Let us take x,y such that:
\begin{multline*}
z=x+\sqrt{5}y\Rightarrow\\
\Rightarrow x+\sqrt{5}y=\sqrt[3]{2+\sqrt{5}}
\end{multline*}
Cubing both sides:
\begin{multline*}
x^{3}+3x^{2}(\sqrt{5})y+3x(5y^{2})+5\sqrt{5}y^{3}=2+\sqrt{5}\Rightarrow\\
\Rightarrow x^{3}+3\sqrt{5}x^{2}y+15xy^{2}+5\sqrt{5}y^{3}=2+\sqrt{5}
\end{multline*}
From here we can obtain a system of equations: one for the rational
part and the other for multiplications of $\sqrt{5}$:
\begin{multline*}
\begin{cases}
x^{3}+15xy^{2} & =2\\
3x^{2}y+5y^{3} & =1
\end{cases}
\end{multline*}
There are no solutions when $x=0$, so
\begin{multline*}
\frac{y}{x}\in\mathbb{R}
\end{multline*}
Let us take:
\begin{multline*}
a=\frac{y}{x}\Rightarrow\\
\Rightarrow\begin{cases}
x^{3}+15a^{2}x^{3}=2 & (1)\\
3ax^{3}+5a^{3}x^{3}=1 & (2)
\end{cases}
\end{multline*}
From both equations:
\begin{multline*}
x^{3}+15a^{2}x^{3}=2(3ax^{3}+5a^{3}x^{3})\Rightarrow\\
\Rightarrow(1+15a^{2})x^{3}=(6a+10a^{3})x^{3}
\end{multline*}
Let us divide by $x^{3}$:
\begin{multline*}
1+15a^{2}=6a+10a^{3}
\end{multline*}
From the sum of coefficient, we can see that:
\begin{multline*}
a=1
\end{multline*}
is a solution.

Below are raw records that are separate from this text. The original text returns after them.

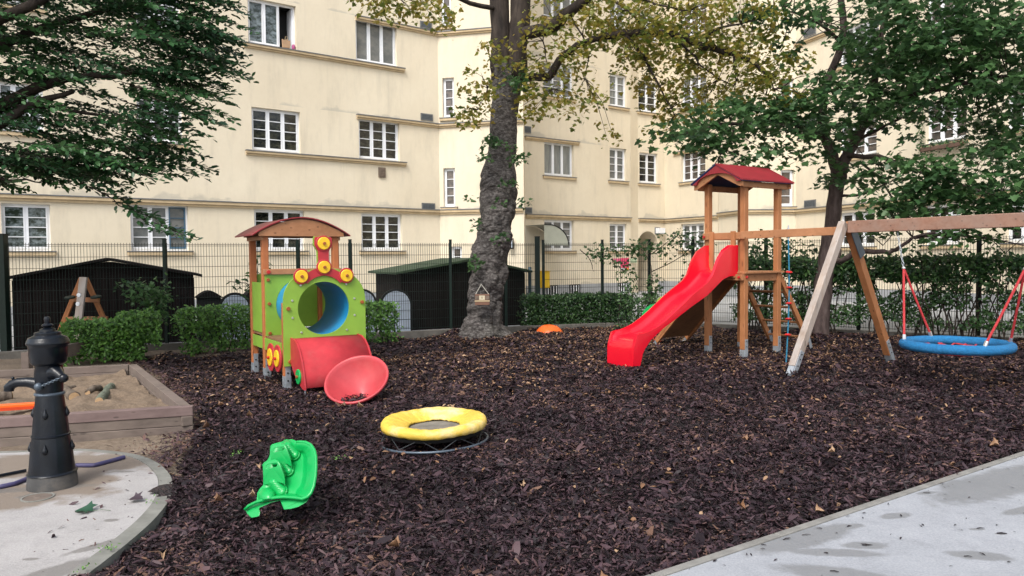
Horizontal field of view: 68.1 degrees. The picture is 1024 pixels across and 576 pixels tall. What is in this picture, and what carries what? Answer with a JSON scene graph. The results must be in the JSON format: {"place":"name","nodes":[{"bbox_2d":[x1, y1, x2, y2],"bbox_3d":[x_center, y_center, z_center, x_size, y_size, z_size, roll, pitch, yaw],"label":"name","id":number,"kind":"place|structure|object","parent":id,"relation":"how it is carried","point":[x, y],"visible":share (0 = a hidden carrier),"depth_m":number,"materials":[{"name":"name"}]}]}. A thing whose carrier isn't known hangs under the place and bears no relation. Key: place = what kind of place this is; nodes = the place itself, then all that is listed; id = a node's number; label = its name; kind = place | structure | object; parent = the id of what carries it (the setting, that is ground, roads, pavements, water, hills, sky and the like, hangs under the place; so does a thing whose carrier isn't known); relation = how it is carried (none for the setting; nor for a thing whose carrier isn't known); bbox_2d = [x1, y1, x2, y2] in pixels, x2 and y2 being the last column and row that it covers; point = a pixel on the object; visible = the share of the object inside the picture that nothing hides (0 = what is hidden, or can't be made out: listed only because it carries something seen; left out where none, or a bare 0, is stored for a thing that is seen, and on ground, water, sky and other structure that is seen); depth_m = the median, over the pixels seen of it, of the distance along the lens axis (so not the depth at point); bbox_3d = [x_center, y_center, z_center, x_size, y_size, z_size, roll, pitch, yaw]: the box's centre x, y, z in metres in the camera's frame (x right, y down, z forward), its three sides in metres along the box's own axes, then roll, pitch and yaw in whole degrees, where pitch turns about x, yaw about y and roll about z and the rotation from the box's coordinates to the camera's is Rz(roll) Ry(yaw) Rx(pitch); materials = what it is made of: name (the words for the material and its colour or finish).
{"place":"outdoors","nodes":[
{"label":"outdoors","id":0,"kind":"place"},
{"bbox_2d":[0,451,157,575],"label":"pavement pad","id":1,"kind":"object","parent":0,"point":[26,528],"visible":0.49,"depth_m":4.92,"materials":[{"name":"concrete"}]},
{"bbox_2d":[0,469,26,476],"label":"cable","id":2,"kind":"object","parent":1,"relation":"on","point":[13,472],"visible":1,"depth_m":5.83,"materials":[{"name":"rubber"}]},
{"bbox_2d":[20,492,54,501],"bbox_3d":[-3.300,1.455,5.269,0.208,0.007,0.208,-1,2,0],"label":"drain cover","id":3,"kind":"object","parent":1,"relation":"on","point":[38,497],"visible":1,"depth_m":5.26,"materials":[{"name":"brown metal"}]},
{"bbox_2d":[4,316,78,492],"bbox_3d":[-3.417,0.844,5.521,0.494,1.280,0.330,-1,2,0],"label":"standpipe","id":4,"kind":"object","parent":1,"relation":"on","point":[52,467],"visible":1,"depth_m":5.43,"materials":[{"name":"metal"}]},
{"bbox_2d":[0,455,125,488],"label":"hose","id":5,"kind":"object","parent":1,"relation":"on","point":[24,479],"visible":0.68,"depth_m":6.03,"materials":[{"name":"rubber"}]},
{"bbox_2d":[75,501,110,512],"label":"fallen leaf","id":6,"kind":"object","parent":1,"relation":"on","point":[88,507],"visible":1,"depth_m":4.98,"materials":[{"name":"green plant"}]},
{"bbox_2d":[129,491,142,499],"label":"fallen leaf","id":7,"kind":"object","parent":1,"relation":"on","point":[137,496],"visible":1,"depth_m":5.17,"materials":[{"name":"brown plant"}]},
{"bbox_2d":[0,347,262,531],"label":"soil path","id":8,"kind":"structure","parent":0,"point":[107,444],"depth_m":6.99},
{"bbox_2d":[57,277,109,338],"bbox_3d":[-7.697,0.349,13.338,1.010,1.085,0.620,-1,2,0],"label":"wooden trestle","id":9,"kind":"object","parent":8,"relation":"on","point":[78,295],"visible":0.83,"depth_m":13.41,"materials":[{"name":"brown wood"}]},
{"bbox_2d":[0,449,171,575],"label":"pavement kerb","id":10,"kind":"structure","parent":8,"relation":"on","point":[149,518],"depth_m":4.71,"materials":[{"name":"grey concrete"}]},
{"bbox_2d":[0,338,193,446],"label":"sandbox","id":11,"kind":"object","parent":8,"relation":"on","point":[138,401],"visible":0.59,"depth_m":7.76,"materials":[{"name":"brown wood"}]},
{"bbox_2d":[0,391,12,401],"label":"log","id":12,"kind":"object","parent":11,"relation":"on","point":[4,395],"visible":0.86,"depth_m":8.32,"materials":[{"name":"brown wood"}]},
{"bbox_2d":[0,402,34,410],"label":"orange beam","id":13,"kind":"structure","parent":11,"relation":"on","point":[16,406],"depth_m":7.67,"materials":[{"name":"plastic"}]},
{"bbox_2d":[64,384,80,399],"bbox_3d":[-5.000,1.180,8.524,0.131,0.130,0.773,-2,3,-40],"label":"log","id":14,"kind":"object","parent":11,"relation":"on","point":[70,394],"visible":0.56,"depth_m":8.25,"materials":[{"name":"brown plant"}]},
{"bbox_2d":[85,385,102,394],"bbox_3d":[-4.771,1.155,8.655,0.084,0.098,0.297,-1,2,0],"label":"log","id":15,"kind":"object","parent":11,"relation":"on","point":[91,389],"visible":0.94,"depth_m":8.59,"materials":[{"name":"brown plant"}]},
{"bbox_2d":[95,383,114,401],"bbox_3d":[-4.548,1.178,8.467,0.100,0.097,1.016,-1,2,-22],"label":"log","id":16,"kind":"object","parent":11,"relation":"on","point":[103,394],"visible":0.86,"depth_m":8.32,"materials":[{"name":"grey wood"}]},
{"bbox_2d":[57,307,163,366],"bbox_3d":[-6.688,0.838,12.683,1.571,1.022,1.011,-2,2,-25],"label":"bush","id":17,"kind":"object","parent":8,"relation":"on","point":[127,328],"visible":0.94,"depth_m":12.43,"materials":[{"name":"green plant"}]},
{"bbox_2d":[0,0,259,242],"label":"hornbeam tree","id":18,"kind":"object","parent":8,"relation":"on","point":[16,106],"visible":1,"depth_m":9.92,"materials":[{"name":"green plant"}]},
{"bbox_2d":[113,272,182,344],"bbox_3d":[-6.676,0.373,13.912,1.002,1.345,0.902,1,3,31],"label":"shrub","id":19,"kind":"object","parent":8,"relation":"on","point":[147,301],"visible":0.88,"depth_m":13.87,"materials":[{"name":"green plant"}]},
{"bbox_2d":[167,302,250,356],"bbox_3d":[-5.397,0.785,13.822,1.597,1.055,0.739,-3,3,-45],"label":"bush","id":20,"kind":"object","parent":8,"relation":"on","point":[231,324],"visible":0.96,"depth_m":13.67,"materials":[{"name":"green plant"}]},
{"bbox_2d":[0,234,452,350],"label":"fence","id":21,"kind":"object","parent":8,"relation":"on","point":[6,325],"visible":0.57,"depth_m":14.45,"materials":[{"name":"metal"}]},
{"bbox_2d":[0,291,1023,350],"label":"yard","id":22,"kind":"structure","parent":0,"point":[723,308],"depth_m":19.44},
{"bbox_2d":[9,258,200,349],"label":"garden shed","id":23,"kind":"structure","parent":22,"relation":"on","point":[110,297],"depth_m":14.70,"materials":[{"name":"black wood"}]},
{"bbox_2d":[195,290,222,340],"bbox_3d":[-6.245,0.598,15.620,0.499,1.088,0.690,-2,2,-25],"label":"storage box","id":24,"kind":"object","parent":22,"relation":"on","point":[214,298],"visible":0.32,"depth_m":15.31,"materials":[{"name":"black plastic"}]},
{"bbox_2d":[219,292,250,339],"bbox_3d":[-5.640,0.617,15.441,0.621,1.052,0.087,-2,2,-25],"label":"arched panel","id":25,"kind":"object","parent":22,"relation":"on","point":[241,300],"visible":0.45,"depth_m":15.40,"materials":[{"name":"plastic"}]},
{"bbox_2d":[365,289,376,332],"bbox_3d":[-3.276,0.549,16.545,0.668,1.061,0.087,-2,2,-25],"label":"arched panel","id":26,"kind":"object","parent":22,"relation":"on","point":[367,294],"visible":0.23,"depth_m":16.57,"materials":[{"name":"plastic"}]},
{"bbox_2d":[379,289,411,331],"bbox_3d":[-2.584,0.540,16.868,0.742,1.042,0.087,-2,2,-25],"label":"arched panel","id":27,"kind":"object","parent":22,"relation":"on","point":[407,302],"visible":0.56,"depth_m":16.89,"materials":[{"name":"plastic"}]},
{"bbox_2d":[368,258,532,329],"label":"garden shed","id":28,"kind":"structure","parent":22,"relation":"on","point":[519,282],"depth_m":17.83,"materials":[{"name":"black wood"}]},
{"bbox_2d":[0,0,1023,324],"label":"apartment building","id":29,"kind":"structure","parent":22,"relation":"on","point":[350,128],"depth_m":26.47,"materials":[{"name":"cream plaster"},{"name":"white paint"},{"name":"window glass"}]},
{"bbox_2d":[0,82,43,137],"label":"window","id":30,"kind":"structure","parent":29,"relation":"in","point":[3,87],"depth_m":19.88,"materials":[{"name":"white paint"}]},
{"bbox_2d":[2,1,46,12],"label":"window","id":31,"kind":"structure","parent":29,"relation":"in","point":[42,11],"depth_m":19.97,"materials":[{"name":"white paint"}]},
{"bbox_2d":[1,203,56,255],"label":"window","id":32,"kind":"structure","parent":29,"relation":"in","point":[24,223],"depth_m":20.18,"materials":[{"name":"white glass"}]},
{"bbox_2d":[127,205,193,254],"bbox_3d":[-10.282,-1.694,22.120,1.791,1.467,0.300,-2,3,-37],"label":"window","id":33,"kind":"structure","parent":29,"relation":"in","point":[177,215],"depth_m":22.19,"materials":[{"name":"white paint"}]},
{"bbox_2d":[135,96,187,147],"bbox_3d":[-10.246,-4.806,22.046,1.464,1.413,0.300,-2,3,-37],"label":"window","id":34,"kind":"structure","parent":29,"relation":"in","point":[182,145],"depth_m":22.20,"materials":[{"name":"white paint"}]},
{"bbox_2d":[248,0,294,48],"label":"window","id":35,"kind":"structure","parent":29,"relation":"in","point":[273,21],"depth_m":24.06,"materials":[{"name":"white paint"}]},
{"bbox_2d":[251,107,298,152],"bbox_3d":[-7.581,-5.008,24.216,1.575,1.338,0.084,-2,3,-37],"label":"window","id":36,"kind":"structure","parent":29,"relation":"in","point":[272,130],"depth_m":24.22,"materials":[{"name":"white paint"}]},
{"bbox_2d":[254,209,308,254],"bbox_3d":[-7.453,-1.785,24.283,1.857,1.431,0.300,-2,3,-37],"label":"window","id":37,"kind":"structure","parent":29,"relation":"in","point":[260,216],"depth_m":24.33,"materials":[{"name":"white paint"}]},
{"bbox_2d":[282,36,289,47],"bbox_3d":[-7.240,-7.879,24.285,0.260,0.345,0.080,-2,3,-37],"label":"paper bag","id":38,"kind":"object","parent":29,"relation":"in","point":[286,43],"visible":0.98,"depth_m":24.25,"materials":[{"name":"paper"}]},
{"bbox_2d":[355,18,395,65],"bbox_3d":[-4.763,-8.479,26.261,1.582,1.465,0.084,-2,3,-37],"label":"window","id":39,"kind":"structure","parent":29,"relation":"in","point":[375,43],"depth_m":26.28,"materials":[{"name":"white paint"}]},
{"bbox_2d":[359,119,397,160],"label":"window","id":40,"kind":"structure","parent":29,"relation":"in","point":[378,140],"depth_m":26.44,"materials":[{"name":"white paint"}]},
{"bbox_2d":[359,214,405,253],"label":"window","id":41,"kind":"structure","parent":29,"relation":"in","point":[375,228],"depth_m":26.57,"materials":[{"name":"white paint"}]},
{"bbox_2d":[437,0,453,29],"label":"window","id":42,"kind":"structure","parent":29,"relation":"in","point":[448,2],"depth_m":27.63,"materials":[{"name":"white paint"}]},
{"bbox_2d":[439,78,456,120],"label":"window","id":43,"kind":"structure","parent":29,"relation":"in","point":[448,83],"depth_m":27.75,"materials":[{"name":"white paint"}]},
{"bbox_2d":[440,168,457,208],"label":"window","id":44,"kind":"structure","parent":29,"relation":"in","point":[449,173],"depth_m":27.88,"materials":[{"name":"white paint"}]},
{"bbox_2d":[452,246,461,257],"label":"window","id":45,"kind":"structure","parent":29,"relation":"in","point":[459,247],"depth_m":27.92,"materials":[{"name":"white paint"}]},
{"bbox_2d":[540,271,549,287],"bbox_3d":[1.383,-0.362,31.602,0.462,0.707,0.199,-2,3,-37],"label":"gas meter box","id":46,"kind":"object","parent":29,"relation":"attached to","point":[547,276],"visible":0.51,"depth_m":31.55,"materials":[{"name":"yellow paint"}]},
{"bbox_2d":[545,273,549,286],"bbox_3d":[1.422,-0.335,31.550,0.382,0.597,0.009,-2,3,-37],"label":"door","id":47,"kind":"structure","parent":46,"relation":"in","point":[547,275],"depth_m":31.59,"materials":[{"name":"yellow paint"}]},
{"bbox_2d":[526,224,568,244],"bbox_3d":[1.452,-2.161,30.932,1.292,0.845,1.222,-2,3,-37],"label":"door canopy","id":48,"kind":"object","parent":29,"relation":"attached to","point":[555,235],"visible":0.94,"depth_m":30.43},
{"bbox_2d":[547,285,557,294],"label":"basement window","id":49,"kind":"structure","parent":29,"relation":"in","point":[553,289],"depth_m":31.93,"materials":[{"name":"white paint"}]},
{"bbox_2d":[541,0,574,25],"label":"window","id":50,"kind":"structure","parent":29,"relation":"in","point":[564,4],"depth_m":31.82,"materials":[{"name":"white paint"}]},
{"bbox_2d":[542,142,576,179],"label":"window","id":51,"kind":"structure","parent":29,"relation":"in","point":[557,157],"depth_m":32.16,"materials":[{"name":"white glass"}]},
{"bbox_2d":[542,62,576,102],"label":"window","id":52,"kind":"structure","parent":29,"relation":"in","point":[569,85],"depth_m":32.10,"materials":[{"name":"white paint"}]},
{"bbox_2d":[544,220,576,253],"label":"window","id":53,"kind":"structure","parent":29,"relation":"in","point":[566,226],"depth_m":32.36,"materials":[{"name":"white paint"}]},
{"bbox_2d":[569,284,579,293],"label":"basement window","id":54,"kind":"structure","parent":29,"relation":"in","point":[572,290],"depth_m":32.66,"materials":[{"name":"white paint"}]},
{"bbox_2d":[610,3,623,27],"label":"window","id":55,"kind":"structure","parent":29,"relation":"in","point":[615,6],"depth_m":33.95,"materials":[{"name":"white paint"}]},
{"bbox_2d":[608,224,629,252],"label":"window","id":56,"kind":"structure","parent":29,"relation":"in","point":[617,231],"depth_m":34.36,"materials":[{"name":"white paint"}]},
{"bbox_2d":[608,148,629,183],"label":"window","id":57,"kind":"structure","parent":29,"relation":"in","point":[616,155],"depth_m":34.21,"materials":[{"name":"white paint"}]},
{"bbox_2d":[608,74,629,110],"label":"window","id":58,"kind":"structure","parent":29,"relation":"in","point":[617,102],"depth_m":34.10,"materials":[{"name":"white paint"}]},
{"bbox_2d":[613,258,636,269],"bbox_3d":[5.140,-1.093,34.475,1.536,0.549,0.018,-2,3,-37],"label":"pink poster","id":59,"kind":"object","parent":29,"relation":"attached to","point":[632,260],"visible":0.53,"depth_m":34.52,"materials":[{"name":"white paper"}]},
{"bbox_2d":[637,82,660,115],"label":"window","id":60,"kind":"structure","parent":29,"relation":"in","point":[643,100],"depth_m":35.43,"materials":[{"name":"white paint"}]},
{"bbox_2d":[638,153,660,186],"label":"window","id":61,"kind":"structure","parent":29,"relation":"in","point":[647,162],"depth_m":35.58,"materials":[{"name":"white paint"}]},
{"bbox_2d":[655,227,664,233],"bbox_3d":[6.999,-2.709,35.813,0.442,0.327,0.259,-2,3,-34],"label":"wall lamp","id":62,"kind":"object","parent":29,"relation":"attached to","point":[658,230],"visible":0.92,"depth_m":35.73,"materials":[{"name":"white paint"}]},
{"bbox_2d":[677,223,703,252],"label":"window","id":63,"kind":"structure","parent":29,"relation":"in","point":[694,228],"depth_m":34.76,"materials":[{"name":"white paint"}]},
{"bbox_2d":[678,151,704,184],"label":"window","id":64,"kind":"structure","parent":29,"relation":"in","point":[689,175],"depth_m":34.72,"materials":[{"name":"white paint"}]},
{"bbox_2d":[678,74,705,112],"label":"window","id":65,"kind":"structure","parent":29,"relation":"in","point":[698,82],"depth_m":34.52,"materials":[{"name":"white paint"}]},
{"bbox_2d":[683,0,705,36],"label":"window","id":66,"kind":"structure","parent":29,"relation":"in","point":[687,15],"depth_m":34.22,"materials":[{"name":"white paint"}]},
{"bbox_2d":[781,170,796,208],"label":"window","id":67,"kind":"structure","parent":29,"relation":"in","point":[786,194],"depth_m":29.52,"materials":[{"name":"white paint"}]},
{"bbox_2d":[836,20,878,70],"bbox_3d":[12.051,-8.477,26.318,0.300,1.424,2.072,-1,2,-20],"label":"window","id":68,"kind":"structure","parent":29,"relation":"in","point":[853,29],"depth_m":26.58,"materials":[{"name":"white paint"}]},
{"bbox_2d":[840,211,876,249],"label":"window","id":69,"kind":"structure","parent":29,"relation":"in","point":[845,216],"depth_m":26.65,"materials":[{"name":"white paint"}]},
{"bbox_2d":[842,119,878,160],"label":"window","id":70,"kind":"structure","parent":29,"relation":"in","point":[871,140],"depth_m":26.14,"materials":[{"name":"white paint"}]},
{"bbox_2d":[919,203,962,248],"bbox_3d":[13.268,-1.895,23.323,0.300,1.365,1.494,-1,2,-20],"label":"window","id":71,"kind":"structure","parent":29,"relation":"in","point":[946,246],"depth_m":23.29,"materials":[{"name":"white paint"}]},
{"bbox_2d":[915,110,968,155],"bbox_3d":[13.083,-4.945,23.019,0.306,1.867,1.880,-1,2,-20],"label":"window box ivy","id":72,"kind":"object","parent":29,"relation":"attached to","point":[930,148],"depth_m":23.18,"materials":[{"name":"green plant"}]},
{"bbox_2d":[921,100,968,147],"bbox_3d":[13.270,-5.022,23.119,0.300,1.350,1.643,-1,2,-20],"label":"window","id":73,"kind":"structure","parent":29,"relation":"in","point":[935,134],"depth_m":23.28,"materials":[{"name":"white paint"}]},
{"bbox_2d":[929,1,966,35],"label":"window","id":74,"kind":"structure","parent":29,"relation":"in","point":[942,6],"depth_m":23.26,"materials":[{"name":"white paint"}]},
{"bbox_2d":[999,70,1023,133],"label":"window","id":75,"kind":"structure","parent":29,"relation":"in","point":[1019,93],"depth_m":21.06,"materials":[{"name":"white paint"}]},
{"bbox_2d":[1000,197,1023,247],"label":"window","id":76,"kind":"structure","parent":29,"relation":"in","point":[1011,232],"depth_m":21.19,"materials":[{"name":"white paint"}]},
{"bbox_2d":[516,291,633,325],"bbox_3d":[1.549,0.550,18.214,2.946,1.021,1.039,-1,2,-23],"label":"clipped hedge","id":77,"kind":"object","parent":22,"relation":"on","point":[586,302],"visible":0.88,"depth_m":17.85,"materials":[{"name":"green plant"}]},
{"bbox_2d":[34,325,1023,575],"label":"mulch ground","id":78,"kind":"structure","parent":0,"point":[164,490],"depth_m":6.34,"materials":[{"name":"brown wood"}]},
{"bbox_2d":[73,450,348,572],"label":"weeds","id":79,"kind":"object","parent":78,"relation":"on","point":[107,548],"visible":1,"depth_m":4.31,"materials":[{"name":"green plant"}]},
{"bbox_2d":[226,255,272,298],"bbox_3d":[-4.484,0.121,12.998,0.816,1.359,0.539,-1,2,0],"label":"sapling","id":80,"kind":"object","parent":78,"relation":"on","point":[237,281],"visible":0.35,"depth_m":12.99,"materials":[{"name":"green plant"}]},
{"bbox_2d":[244,439,317,517],"bbox_3d":[-1.490,1.244,5.029,0.492,0.455,0.563,-1,2,0],"label":"rocking seesaw","id":81,"kind":"object","parent":78,"relation":"on","point":[290,467],"visible":1,"depth_m":4.92,"materials":[{"name":"green plastic"}]},
{"bbox_2d":[235,217,388,404],"bbox_3d":[-2.600,0.182,10.146,1.380,2.325,3.389,-2,3,-32],"label":"toy train","id":82,"kind":"object","parent":78,"relation":"on","point":[328,350],"visible":0.98,"depth_m":10.08,"materials":[{"name":"green plastic"}]},
{"bbox_2d":[365,299,403,342],"bbox_3d":[-2.708,0.742,14.925,1.027,1.068,0.719,-3,3,-42],"label":"bush","id":83,"kind":"object","parent":78,"relation":"on","point":[373,306],"visible":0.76,"depth_m":14.87,"materials":[{"name":"green plant"}]},
{"bbox_2d":[381,406,488,453],"bbox_3d":[-0.699,1.276,6.833,0.980,0.253,0.980,-1,2,0],"label":"ring trampoline","id":84,"kind":"object","parent":78,"relation":"on","point":[432,425],"visible":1,"depth_m":6.67,"materials":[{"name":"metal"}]},
{"bbox_2d":[453,236,539,326],"bbox_3d":[-0.330,-0.075,17.423,2.186,2.228,0.178,-1,2,-23],"label":"fence","id":85,"kind":"object","parent":78,"relation":"on","point":[537,265],"visible":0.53,"depth_m":17.56,"materials":[{"name":"metal"}]},
{"bbox_2d":[536,324,561,333],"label":"balance dome","id":86,"kind":"structure","parent":78,"relation":"on","point":[547,328],"depth_m":16.23,"materials":[{"name":"orange plastic"}]},
{"bbox_2d":[159,383,998,575],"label":"curled maple leaves","id":87,"kind":"object","parent":78,"relation":"on","point":[395,542],"visible":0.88,"depth_m":5.97,"materials":[{"name":"brown plant"}]},
{"bbox_2d":[346,0,816,339],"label":"courtyard tree","id":88,"kind":"object","parent":78,"relation":"on","point":[511,77],"visible":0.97,"depth_m":14.77,"materials":[{"name":"green plant"}]},
{"bbox_2d":[475,284,489,304],"bbox_3d":[-0.596,0.129,15.168,0.300,0.420,0.138,-1,2,0],"label":"birdhouse sign","id":89,"kind":"object","parent":88,"relation":"hanging from","point":[482,299],"visible":1,"depth_m":15.12,"materials":[{"name":"brown wood"}]},
{"bbox_2d":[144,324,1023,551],"bbox_3d":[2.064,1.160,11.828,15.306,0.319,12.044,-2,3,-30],"label":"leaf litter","id":90,"kind":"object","parent":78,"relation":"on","point":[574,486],"visible":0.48,"depth_m":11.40,"materials":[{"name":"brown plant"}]},
{"bbox_2d":[611,268,665,328],"bbox_3d":[2.918,0.344,16.842,1.534,1.603,0.734,-2,3,-38],"label":"bush","id":91,"kind":"object","parent":78,"relation":"on","point":[636,301],"visible":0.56,"depth_m":16.60,"materials":[{"name":"green plant"}]},
{"bbox_2d":[607,163,835,367],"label":"slide tower","id":92,"kind":"structure","parent":78,"relation":"on","point":[689,302],"depth_m":12.43,"materials":[{"name":"red wood"}]},
{"bbox_2d":[784,225,792,361],"bbox_3d":[4.236,0.090,11.603,0.127,2.096,0.125,-1,2,0],"label":"climbing rope","id":93,"kind":"object","parent":92,"relation":"hanging from","point":[788,303],"visible":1,"depth_m":11.59,"materials":[{"name":"fabric"}]},
{"bbox_2d":[542,234,1023,335],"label":"fence","id":94,"kind":"object","parent":78,"relation":"on","point":[859,327],"visible":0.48,"depth_m":17.44,"materials":[{"name":"metal"}]},
{"bbox_2d":[580,228,716,309],"bbox_3d":[3.230,-0.043,17.810,3.219,2.752,1.155,-1,2,0],"label":"creeper","id":95,"kind":"object","parent":94,"relation":"attached to","point":[638,254],"visible":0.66,"depth_m":17.89,"materials":[{"name":"green plant"}]},
{"bbox_2d":[748,229,1023,279],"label":"creeper","id":96,"kind":"object","parent":94,"relation":"attached to","point":[765,251],"visible":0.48,"depth_m":16.45,"materials":[{"name":"green plant"}]},
{"bbox_2d":[634,0,1023,334],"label":"maple tree","id":97,"kind":"object","parent":78,"relation":"on","point":[924,52],"visible":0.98,"depth_m":13.48,"materials":[{"name":"green plant"}]},
{"bbox_2d":[729,249,1023,339],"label":"tall hedge","id":98,"kind":"object","parent":78,"relation":"on","point":[932,272],"visible":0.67,"depth_m":14.52,"materials":[{"name":"green plant"}]},
{"bbox_2d":[786,212,1023,375],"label":"nest swing","id":99,"kind":"object","parent":78,"relation":"on","point":[851,230],"visible":0.98,"depth_m":10.53,"materials":[{"name":"brown wood"}]},
{"bbox_2d":[897,231,1023,355],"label":"swing basket","id":100,"kind":"object","parent":99,"relation":"hanging from","point":[958,345],"visible":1,"depth_m":9.47,"materials":[{"name":"blue plastic"}]},
{"bbox_2d":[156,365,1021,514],"bbox_3d":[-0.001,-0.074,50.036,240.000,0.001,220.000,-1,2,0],"label":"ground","id":101,"kind":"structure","parent":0,"point":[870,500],"depth_m":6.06,"materials":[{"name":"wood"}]},
{"bbox_2d":[0,323,1017,358],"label":"concrete kerb","id":102,"kind":"structure","parent":101,"relation":"on","point":[175,346],"depth_m":16.15,"materials":[{"name":"concrete"}]},
{"bbox_2d":[668,456,1023,575],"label":"pavement","id":103,"kind":"structure","parent":0,"point":[939,543],"depth_m":4.34,"materials":[{"name":"concrete"}]},
{"bbox_2d":[646,451,1023,575],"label":"pavement edge","id":104,"kind":"object","parent":103,"relation":"attached to","point":[722,553],"visible":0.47,"depth_m":4.65,"materials":[{"name":"concrete"}]},
{"bbox_2d":[689,458,1016,568],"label":"stray chips","id":105,"kind":"object","parent":103,"relation":"on","point":[862,517],"visible":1,"depth_m":4.46,"materials":[{"name":"brown plant"}]},
{"bbox_2d":[783,492,1006,571],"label":"bark pieces","id":106,"kind":"object","parent":103,"relation":"on","point":[901,515],"visible":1,"depth_m":4.37,"materials":[{"name":"brown wood"}]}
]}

Let us find x by plugging into equation (1):
\begin{multline*}
8x^{3}=1\Rightarrow\\
\Rightarrow x^{3}=\frac{1}{8}\Rightarrow\\
\Rightarrow x=\frac{1}{2}\Rightarrow\\
\Rightarrow y=ax=\frac{1}{2}\Rightarrow\\
\Rightarrow\sqrt[3]{2+\sqrt{5}}=x+\sqrt{5}y=\frac{1+\sqrt{5}}{2}
\end{multline*}
\end{document}